- _DATA TO EXAMINE_

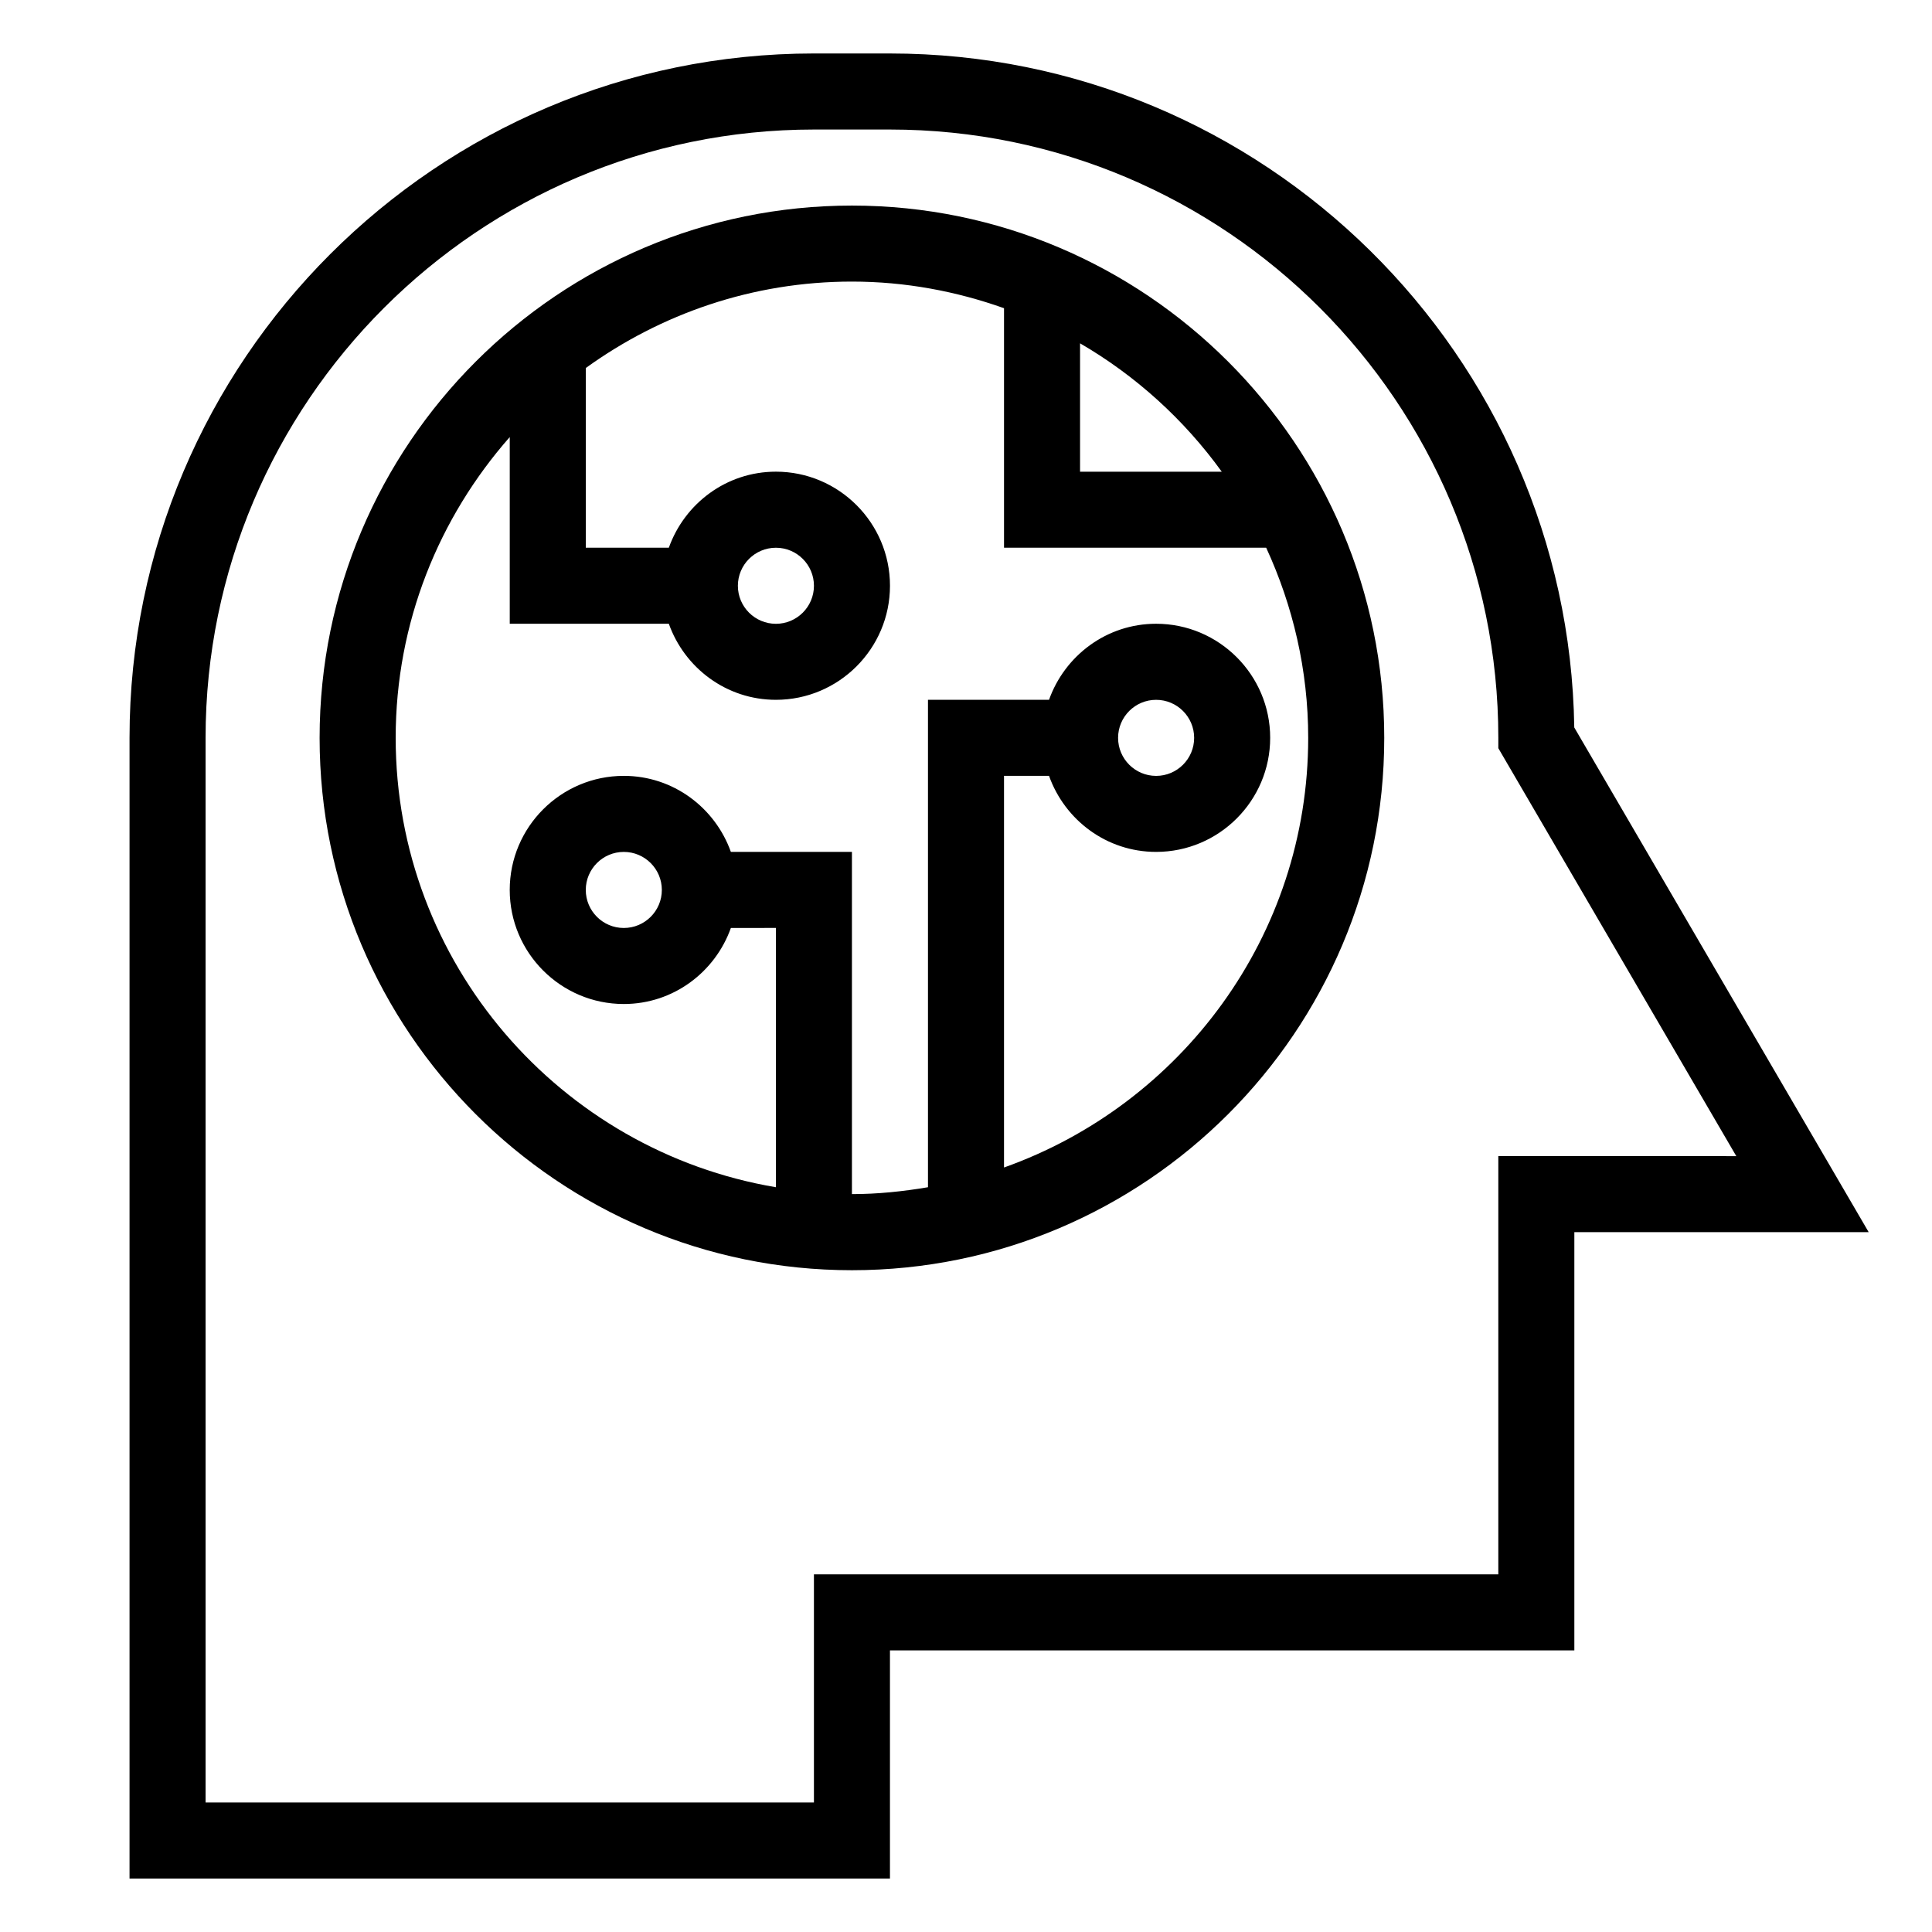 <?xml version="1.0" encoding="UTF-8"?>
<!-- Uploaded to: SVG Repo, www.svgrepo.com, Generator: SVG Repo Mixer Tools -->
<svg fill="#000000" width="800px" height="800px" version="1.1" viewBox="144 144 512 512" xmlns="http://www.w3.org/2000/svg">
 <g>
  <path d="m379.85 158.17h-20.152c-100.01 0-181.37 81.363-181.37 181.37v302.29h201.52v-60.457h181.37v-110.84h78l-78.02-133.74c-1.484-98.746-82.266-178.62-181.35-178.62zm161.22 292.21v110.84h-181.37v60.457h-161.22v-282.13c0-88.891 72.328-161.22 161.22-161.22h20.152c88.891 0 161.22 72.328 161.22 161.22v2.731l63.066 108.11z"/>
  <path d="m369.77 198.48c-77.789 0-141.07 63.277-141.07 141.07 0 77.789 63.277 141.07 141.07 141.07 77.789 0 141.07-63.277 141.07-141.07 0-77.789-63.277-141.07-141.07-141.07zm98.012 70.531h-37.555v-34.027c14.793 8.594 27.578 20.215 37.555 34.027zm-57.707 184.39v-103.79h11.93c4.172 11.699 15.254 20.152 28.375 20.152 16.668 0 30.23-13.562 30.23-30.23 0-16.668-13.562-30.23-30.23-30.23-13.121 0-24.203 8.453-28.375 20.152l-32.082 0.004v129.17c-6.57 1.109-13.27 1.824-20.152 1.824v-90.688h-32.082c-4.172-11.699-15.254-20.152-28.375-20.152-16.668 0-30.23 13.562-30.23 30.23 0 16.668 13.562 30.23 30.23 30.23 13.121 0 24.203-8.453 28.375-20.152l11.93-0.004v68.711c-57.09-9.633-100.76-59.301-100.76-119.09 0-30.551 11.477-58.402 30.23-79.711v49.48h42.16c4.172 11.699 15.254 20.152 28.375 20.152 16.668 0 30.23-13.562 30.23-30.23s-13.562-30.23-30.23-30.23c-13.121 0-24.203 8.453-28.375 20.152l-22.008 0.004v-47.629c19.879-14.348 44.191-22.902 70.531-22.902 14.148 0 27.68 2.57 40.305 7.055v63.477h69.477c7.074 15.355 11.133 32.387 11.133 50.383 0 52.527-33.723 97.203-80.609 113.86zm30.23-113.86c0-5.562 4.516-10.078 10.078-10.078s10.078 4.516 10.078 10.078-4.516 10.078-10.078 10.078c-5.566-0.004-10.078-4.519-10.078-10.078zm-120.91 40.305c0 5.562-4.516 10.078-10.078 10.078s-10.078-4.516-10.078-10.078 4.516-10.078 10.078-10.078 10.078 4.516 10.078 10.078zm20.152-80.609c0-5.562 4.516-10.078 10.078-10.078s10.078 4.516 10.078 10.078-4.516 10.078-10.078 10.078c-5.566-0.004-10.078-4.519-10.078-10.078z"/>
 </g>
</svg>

- _PROBLEM TO WORK ON_
Write out, word for word, the lines from the first line of the entries through the one containing "158.17h-20.152c-100.01 0-181.37 81.363-181.37", both included. Leave out the pictures.

- _TASK ANSWER_
 <?xml version="1.0" encoding="UTF-8"?>
<!-- Uploaded to: SVG Repo, www.svgrepo.com, Generator: SVG Repo Mixer Tools -->
<svg fill="#000000" width="800px" height="800px" version="1.1" viewBox="144 144 512 512" xmlns="http://www.w3.org/2000/svg">
 <g>
  <path d="m379.85 158.17h-20.152c-100.01 0-181.37 81.363-181.37 181.37v302.29h201.52v-60.457h181.37v-110.84h78l-78.02-133.74c-1.484-98.746-82.266-178.62-181.35-178.62zm161.22 292.21v110.84h-181.37v60.457h-161.22v-282.13c0-88.891 72.328-161.22 161.22-161.22h20.152c88.891 0 161.22 72.328 161.22 161.22v2.731l63.066 108.11z"/>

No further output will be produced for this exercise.